Abstract
Dengue viruses (DENV) are the most important mosquito transmitted viral pathogens infecting humans. DENV infection produces a spectrum of disease, most commonly causing a self-limiting flu-like illness known as dengue fever; yet with increased frequency, manifesting as life-threatening dengue hemorrhagic fever (DHF). Waning cross-protective immunity from any of the four dengue serotypes may enhance subsequent infection with another heterologous serotype to increase the probability of DHF. Decades of effort to develop dengue vaccines are reaching the finishing line with multiple candidates in clinical trials. Nevertheless, concerns remain that imbalanced immunity, due to the prolonged prime-boost schedules currently used in clinical trials, could leave some vaccinees temporarily unprotected or with increased susceptibility to enhanced disease. Here we develop a DENV serotype 1 (DENV-1) DNA vaccine with the immunodominant cross-reactive B cell epitopes associated with immune enhancement removed. We compare wild-type (WT) with this cross-reactivity reduced (CRR) vaccine and demonstrate that both vaccines are equally protective against lethal homologous DENV-1 challenge. Under conditions mimicking natural exposure prior to acquiring protective immunity, WT vaccinated mice enhanced a normally sub-lethal heterologous DENV-2 infection resulting in DHF-like disease and 95% mortality in AG129 mice. However, CRR vaccinated mice exhibited redirected serotype-specific and protective immunity, and significantly reduced morbidity and mortality not differing from naїve mice. Thus, we demonstrate in an in vivo DENV disease model, that non-protective vaccine-induced immunity can prime vaccinees for enhanced DHF-like disease and that CRR DNA immunization significantly reduces this potential vaccine safety concern. The sculpting of immune memory by the modified vaccine and resulting redirection of humoral immunity provide insight into DENV vaccine-induced immune responses.
Highlights
Dengue viruses (DENV) are the most prevalent arthropod-borne viral pathogens infecting humans
VACCINE CONSTRUCTION Based upon previously published and unpublished results with DENV and other flaviviruses (Crill and Chang, 2004; SukupolviPetty et al, 2007; Gromowski et al, 2008; Crill et al, 2009; Hughes et al, 2012a), we introduced specific substitutions into crossreactive B cell epitopes of the envelope protein of a DENV serotype 1 (DENV-1) prM/E expression plasmid (Chang et al, 2003) to generate a DENV-1 DNA vaccine candidate with reduced ability to induce the crossreactive antibodies that can be associated with antibody-dependent enhancement (ADE)
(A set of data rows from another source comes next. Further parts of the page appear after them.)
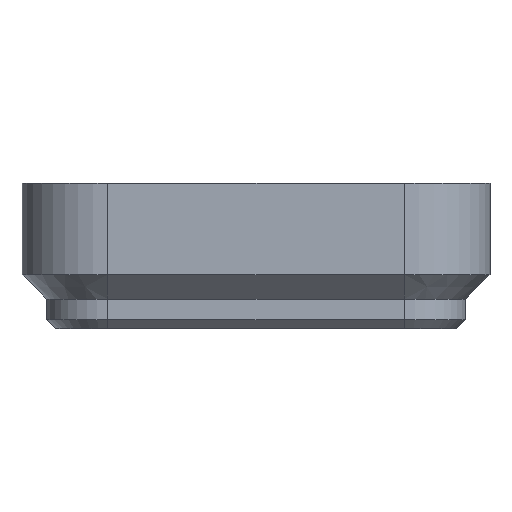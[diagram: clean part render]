
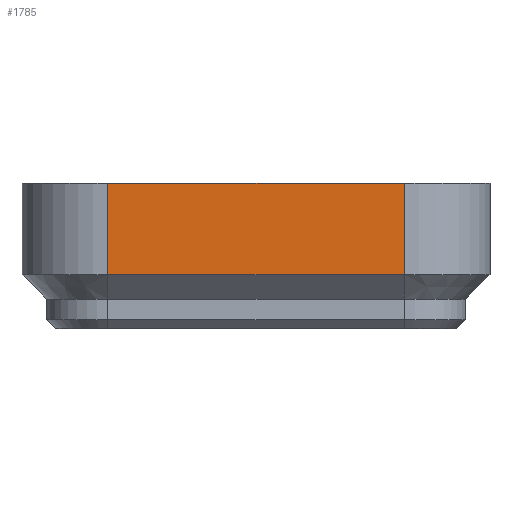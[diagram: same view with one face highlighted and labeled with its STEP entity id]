
A CAD part, front view. The second image highlights one B-rep face of the part: STEP entity #1785.
In plain terms, the highlighted planar face has unit normal (0, -1, 0).
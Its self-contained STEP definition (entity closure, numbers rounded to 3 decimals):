
#98=LINE('',#2785,#288);
#99=LINE('',#2791,#289);
#100=LINE('',#2794,#290);
#101=LINE('',#2795,#291);
#288=VECTOR('',#2191,1000.);
#289=VECTOR('',#2198,1000.);
#290=VECTOR('',#2199,1000.);
#291=VECTOR('',#2200,1000.);
#508=ORIENTED_EDGE('',*,*,#1033,.T.);
#509=ORIENTED_EDGE('',*,*,#1034,.T.);
#510=ORIENTED_EDGE('',*,*,#1030,.F.);
#511=ORIENTED_EDGE('',*,*,#1035,.F.);
#1030=EDGE_CURVE('',#1290,#1291,#98,.T.);
#1033=EDGE_CURVE('',#1292,#1293,#99,.T.);
#1034=EDGE_CURVE('',#1293,#1291,#100,.T.);
#1035=EDGE_CURVE('',#1292,#1290,#101,.T.);
#1290=VERTEX_POINT('',#2786);
#1291=VERTEX_POINT('',#2787);
#1292=VERTEX_POINT('',#2792);
#1293=VERTEX_POINT('',#2793);
#1484=EDGE_LOOP('',(#508,#509,#510,#511));
#1604=FACE_BOUND('',#1484,.T.);
#1720=PLANE('',#1938);
#1785=ADVANCED_FACE('',(#1604),#1720,.F.);
#1938=AXIS2_PLACEMENT_3D('',#2790,#2196,#2197);
#2191=DIRECTION('',(0.,0.,1.));
#2196=DIRECTION('',(0.,1.,0.));
#2197=DIRECTION('',(0.,0.,1.));
#2198=DIRECTION('',(0.,0.,1.));
#2199=DIRECTION('',(-1.,0.,0.));
#2200=DIRECTION('',(-1.,0.,0.));
#2785=CARTESIAN_POINT('',(-13.,-41.5,-1.));
#2786=CARTESIAN_POINT('',(-13.,-41.5,-1.));
#2787=CARTESIAN_POINT('',(-13.,-41.5,7.));
#2790=CARTESIAN_POINT('',(0.,-41.5,-1.));
#2791=CARTESIAN_POINT('',(13.,-41.5,-1.));
#2792=CARTESIAN_POINT('',(13.,-41.5,-1.));
#2793=CARTESIAN_POINT('',(13.,-41.5,7.));
#2794=CARTESIAN_POINT('',(0.,-41.5,7.));
#2795=CARTESIAN_POINT('',(0.,-41.5,-1.));

The DENV-1 WT DNA vaccine utilized as the template for the cross-reactivity reduced (CRR) vaccine in this study was based upon previous studies with DENV-2 vaccines and contains a potent CD4+ epitope identified in West Nile virus (WNV) and demonstrated to increase the immunogenicity of DENV-2 DNA vaccines (Hughes et al, 2012b)
Summary
Dengue viruses (DENV) are the most prevalent arthropod-borne viral pathogens infecting humans. Dengue vaccine development faces both biological and immunological challenges These include the necessity for a multivalent vaccine inducing balanced immunity, the lack of an animal model for DENV disease, and concerns regarding vaccine-induced immunopathology (Murphy and Whitehead, 2011; Heinz and Stiasny, 2012). There are a number of risk factors associated with DHF such as virus and host genetics, the strongest risk factor for severe dengue pathology is secondary infection with a previously unencountered (heterologous) serotype (Murphy and Whitehead, 2011).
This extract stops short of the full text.